A common misconception among students is that orbiting satellites do not experience gravity. It is argued that since these satellites are not falling to the Earth, they must experience no gravity. This thought is not true because the very action of orbiting around the Earth shows that the satellite is under the influence of Earth’s gravity. Then why is the satellite not falling to the Earth?

The below simulation explains why satellites are not falling back to the Earth. In fact, these satellites are actually in the process of falling to the Earth. The simulation explains clearly how this works.

Satellite orbiting the Earth

So the answer to the above question is that the satellite is in fact, falling to the Earth. However, the Earth’s surface curves away at the same rate the the satellite is falling towards Earth. Hence, the satellite never falls onto the Earth.

It is important to note that this can happen because the satellite possesses an initial velocity that is parallel to the Earth’s surface. Without sufficient velocity of this component, the satellite would fall towards Earth.

### Gravitational force and circular motion

Planets revolve around the Sun and the Moon revoles around the Earth. These orbits are generally approximately circular, and the centripetal force to pull them around the orbits is the gravitational force.

\begin{aligned} \frac{GMm}{r^2} &= \frac{mv^2}{r} \\ \frac{GM}{r} &= {v^2}\\v&=\sqrt{\frac{GM}{r}}\end{aligned}

We can see that the linear speed, hence the angular speed, of an orbiting body is independent of the mass of the body. It is only dependent on the mass of the body producing the gravitational field and the distance of the orbiting body from the centre of the main mass.

To find the relationship between the radius and the period of orbit,

\begin{aligned} (\frac{2\pi r}{T})^2 &= \frac{GM}{r}\\T^2 &= \frac{4\pi^2}{GM}r^3 \end{aligned}

Hence we can see that the square of the period is proportional to the cube of the radius of orbit. The is the Kepler’s third law.

### Summary

1. When an object orbits around another mass, the centripetal force is gravitational in nature.

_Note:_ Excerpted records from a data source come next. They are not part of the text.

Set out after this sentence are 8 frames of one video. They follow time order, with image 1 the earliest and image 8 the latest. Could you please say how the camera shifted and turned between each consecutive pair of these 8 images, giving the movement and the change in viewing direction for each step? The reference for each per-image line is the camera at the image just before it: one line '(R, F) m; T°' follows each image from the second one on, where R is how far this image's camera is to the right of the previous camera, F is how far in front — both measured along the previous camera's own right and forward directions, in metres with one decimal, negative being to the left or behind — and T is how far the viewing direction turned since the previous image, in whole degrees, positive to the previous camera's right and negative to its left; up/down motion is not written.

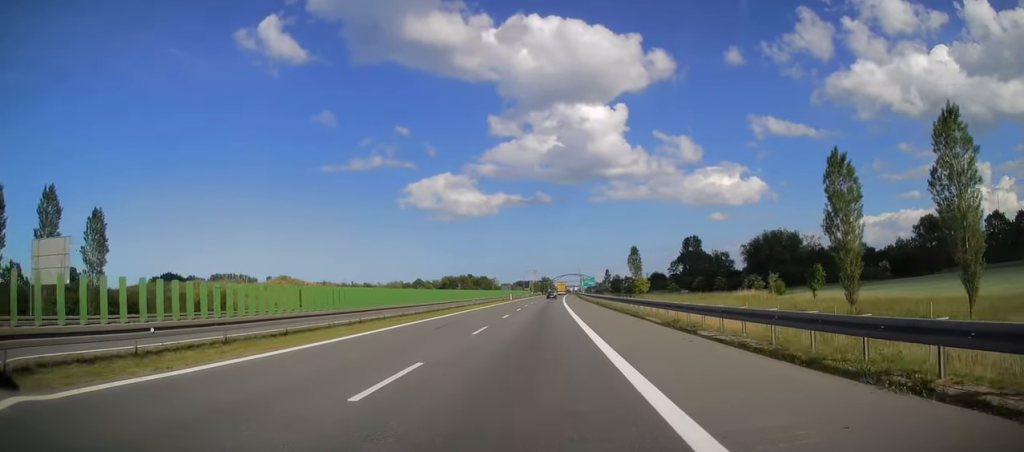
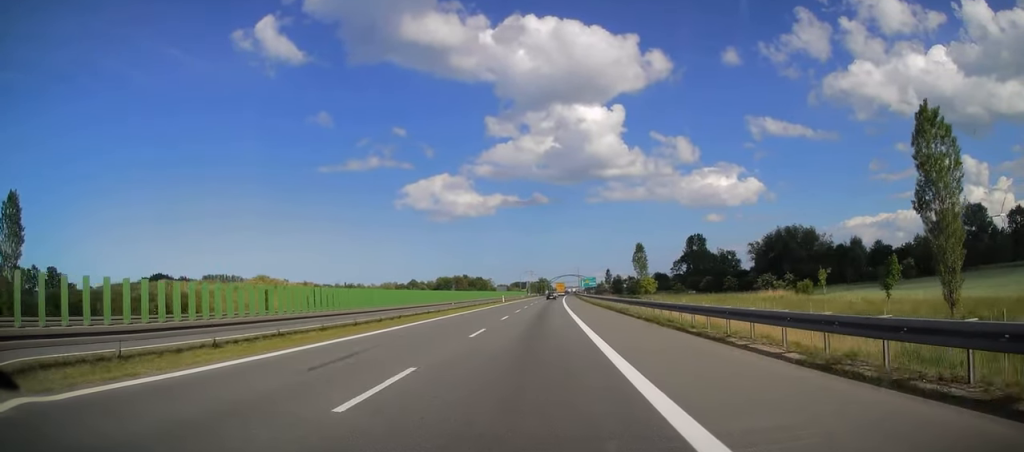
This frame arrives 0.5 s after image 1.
(0.0, +12.6) m; 0°
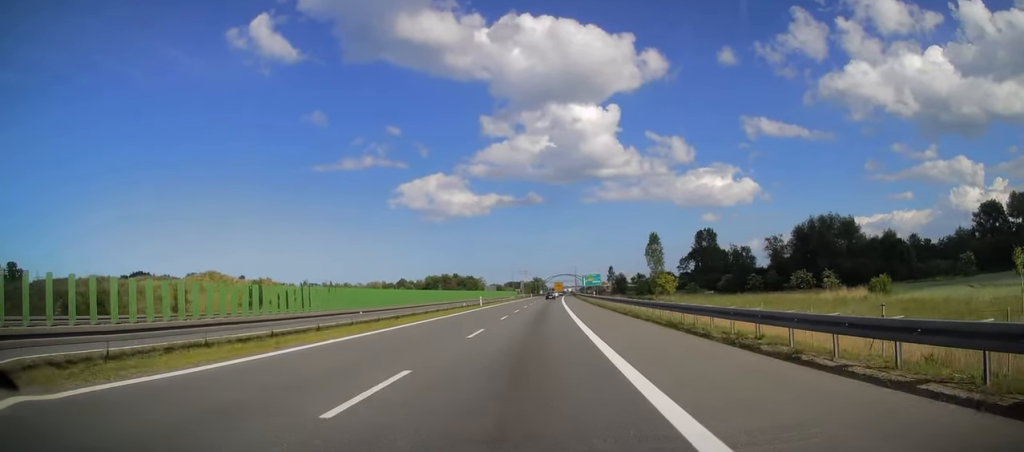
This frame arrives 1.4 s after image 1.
(+0.2, +24.2) m; +1°
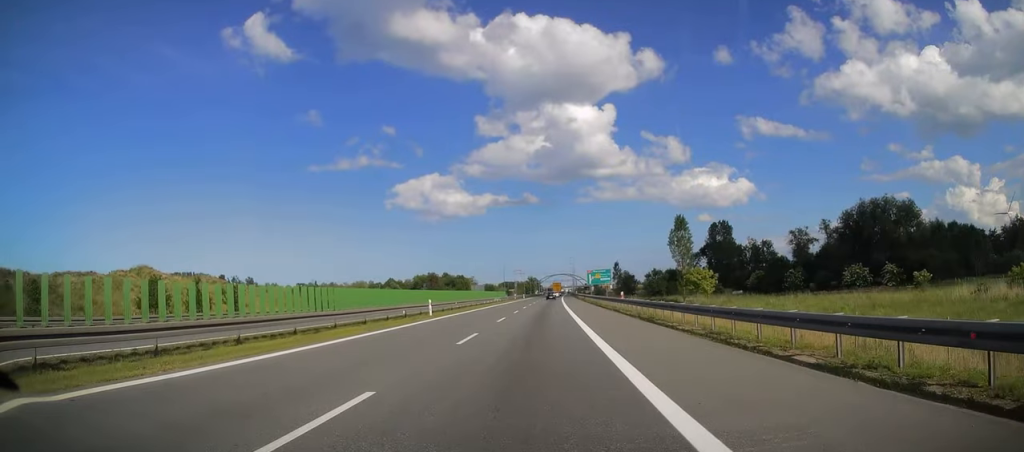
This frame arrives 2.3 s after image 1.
(+0.3, +26.0) m; +1°
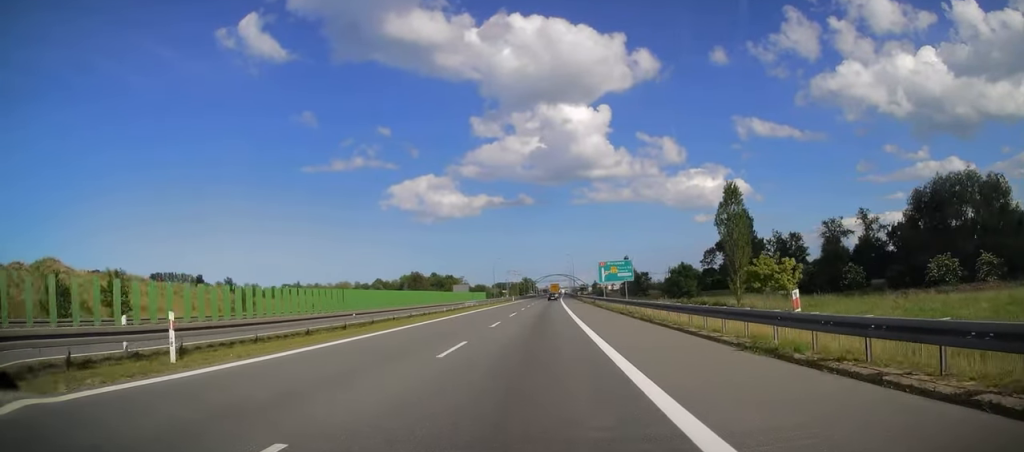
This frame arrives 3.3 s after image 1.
(0.0, +27.0) m; 0°
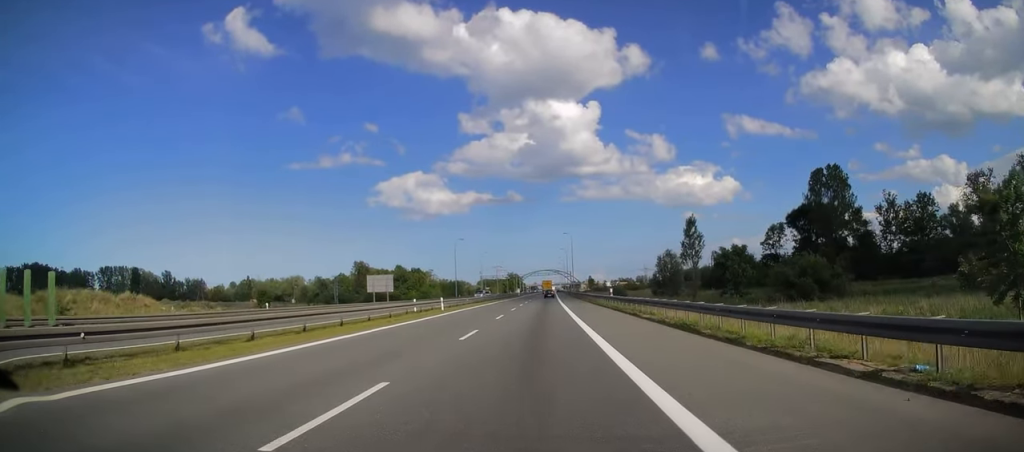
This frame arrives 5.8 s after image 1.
(+0.6, +67.9) m; +1°
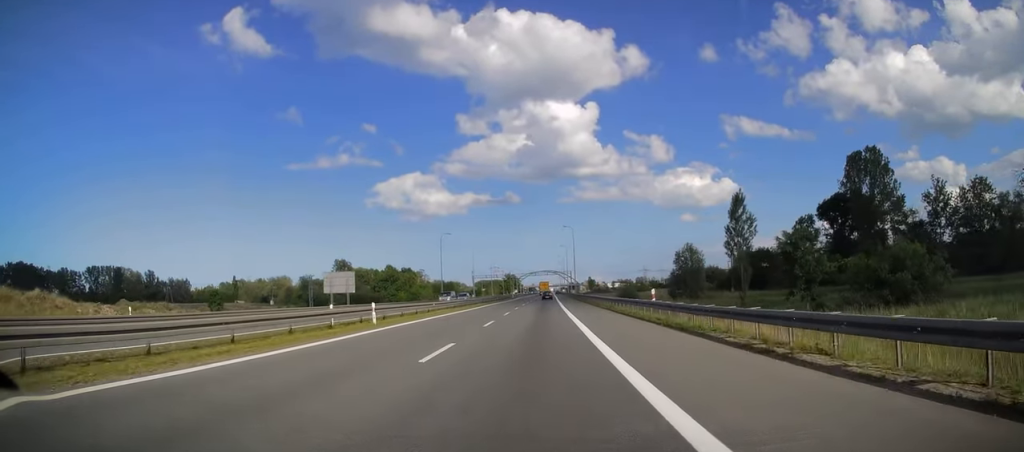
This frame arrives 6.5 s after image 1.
(+0.1, +17.1) m; 0°
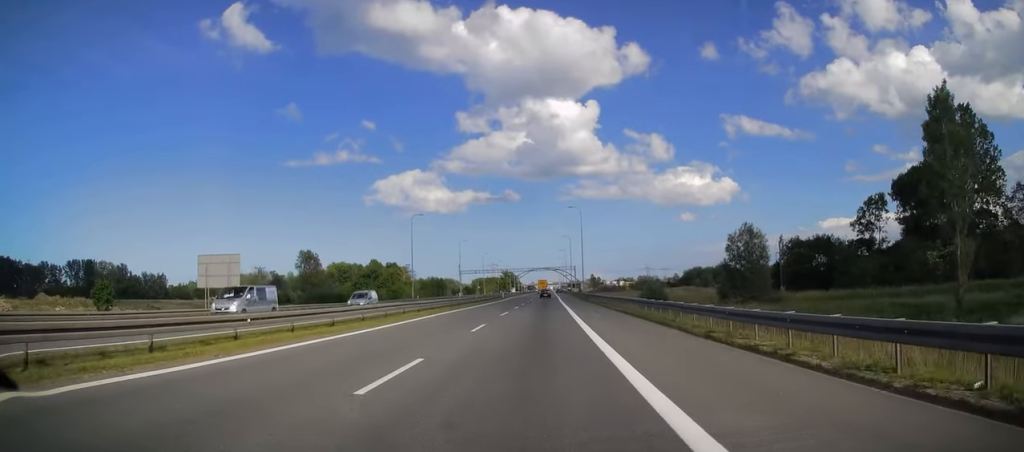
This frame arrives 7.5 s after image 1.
(+0.1, +27.8) m; 0°
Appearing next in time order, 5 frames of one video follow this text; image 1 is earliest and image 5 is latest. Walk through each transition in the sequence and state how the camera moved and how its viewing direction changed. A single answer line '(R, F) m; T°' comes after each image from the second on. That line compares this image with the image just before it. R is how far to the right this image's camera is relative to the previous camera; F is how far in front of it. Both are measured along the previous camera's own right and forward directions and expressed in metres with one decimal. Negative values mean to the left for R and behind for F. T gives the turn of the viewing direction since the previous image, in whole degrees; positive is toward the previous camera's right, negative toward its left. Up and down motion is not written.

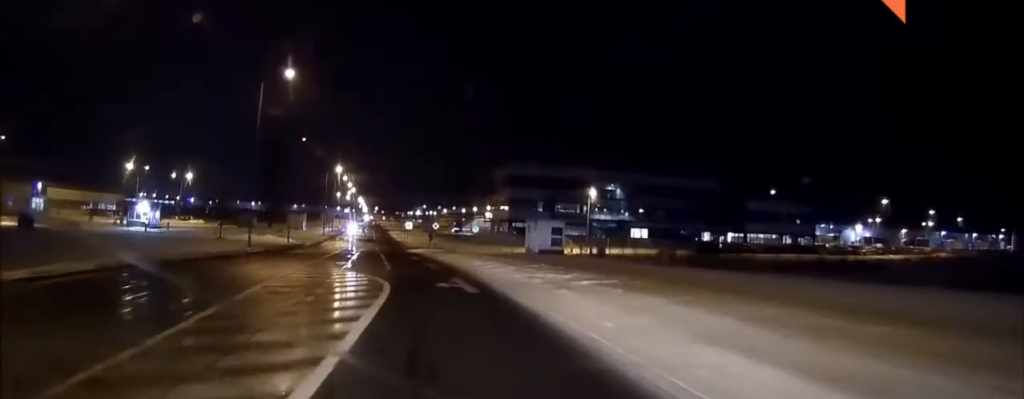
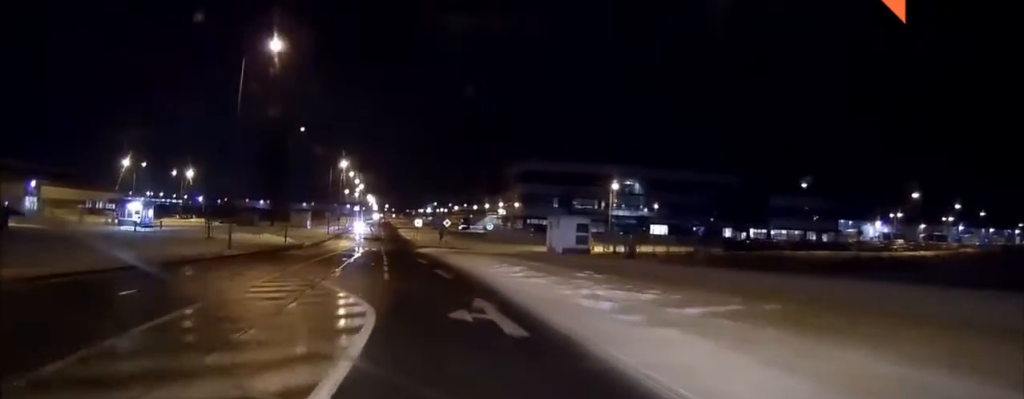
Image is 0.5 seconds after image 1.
(0.0, +6.2) m; -1°
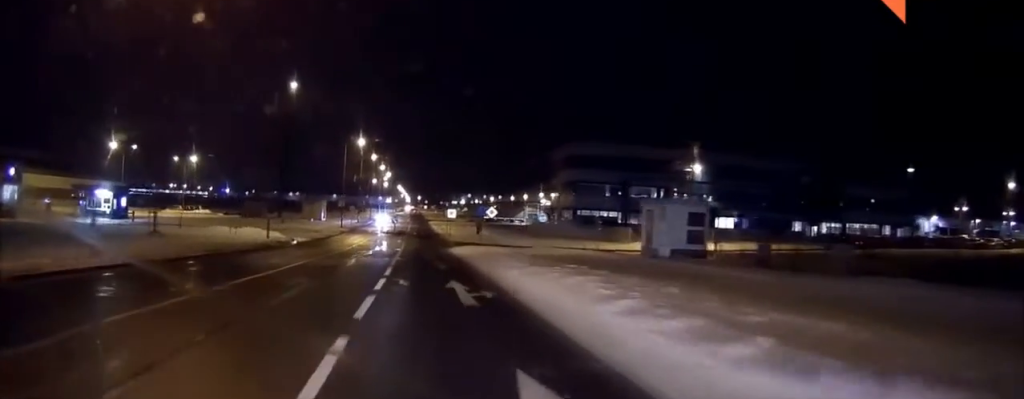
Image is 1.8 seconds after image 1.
(-0.4, +16.9) m; -2°
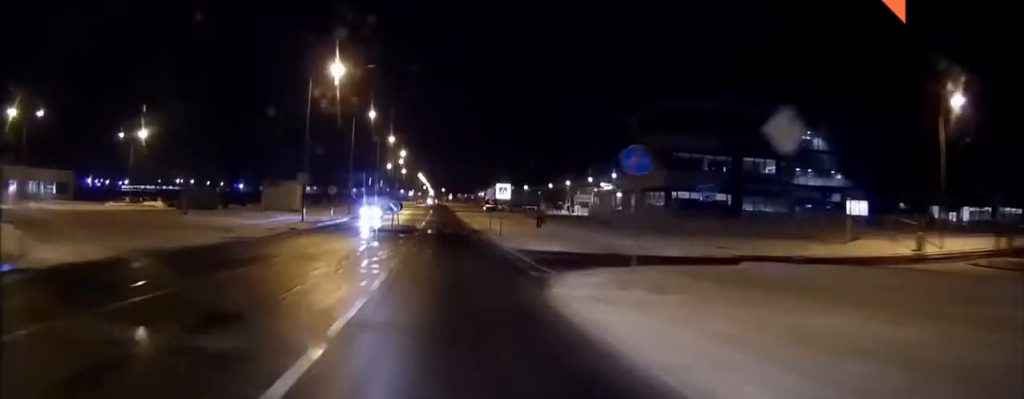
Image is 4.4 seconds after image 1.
(-1.1, +36.3) m; -3°
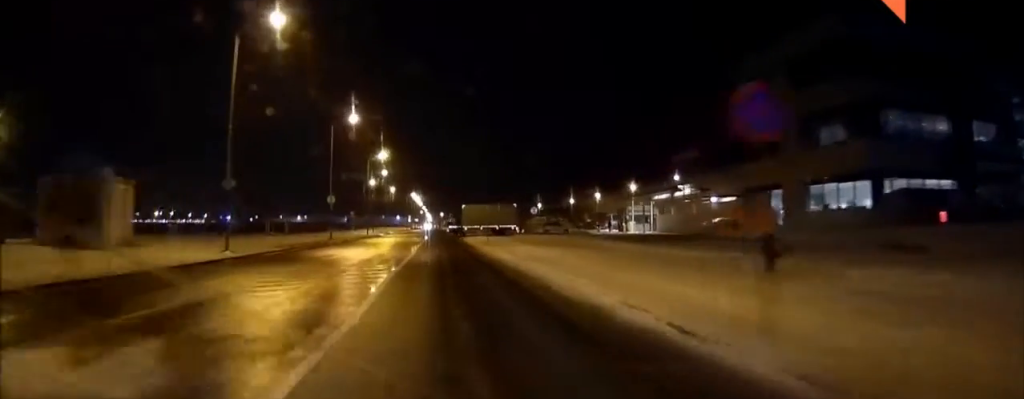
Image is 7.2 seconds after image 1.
(-0.2, +41.1) m; -1°

2. The square of the period is proportional to the cube of the radius of orbit. This is also known as the Kepler’s third law.

### Review

#### Question 1

Two stars orbit each other in a time of 3.0 years. Calculate the angular speed \begin{aligned} \omega \end{aligned} for each star. Given that the ratio \begin{aligned} \frac{M_1}{M_2}=2.0 \end{aligned} , and the separation of the starts is $3.0 \times 10^{12} \text{ m}$ , calculate the radii \begin{aligned} R_1 \end{aligned} and \begin{aligned} R_2 \end{aligned} .

#### Solution:

Angular speed is the angular displacement per unit time. Hence,

\begin{aligned}\omega &= \frac{2 \pi}{3.0 \times 365 \times 24 \times 3600}\\&=6.6\times 10^{-8}\text{rad s}^{-1} \end{aligned}

The two stars must be orbiting with the same angular speed. Otherwise, there will be a point in time when the inner star catches up and the centre of mass would change position. The gravitational force between the two stars would then change, changing the centripetal force. This is not possible for a stable star system, hence the angular speeds of the two stars must be the same.

Equating the gravitational force to the centripetal force,

\begin{aligned} \frac{GM_1M_2}{(R_1 + R_2)^2 } &= M_2 R_2 \omega^2\\\frac{GM_1}{(R_1 + R_2)^2} &= R_2 \omega^2 \end{aligned}

Similarly,

\begin{aligned} \frac{GM_2}{(R_1 + R_2)^2} &= R_1 \omega^2 \\\frac{M_1}{M_2} &= \frac{R_2}{R_1}\end{aligned}

Since \begin{aligned} \frac{M_1}{M_2} = 2.0 \end{aligned} ,

\begin{aligned} \frac{R_2}{R_1}&=2.0\\R_2&=2.0R_1\\R_1+2R_1 &= 3.0 \times 10^{12}\\R_1&=1.0\times 10^{12}\text{ m}\\R_2 &= 2.0 \times 10^{12} \text{ m} \end{aligned}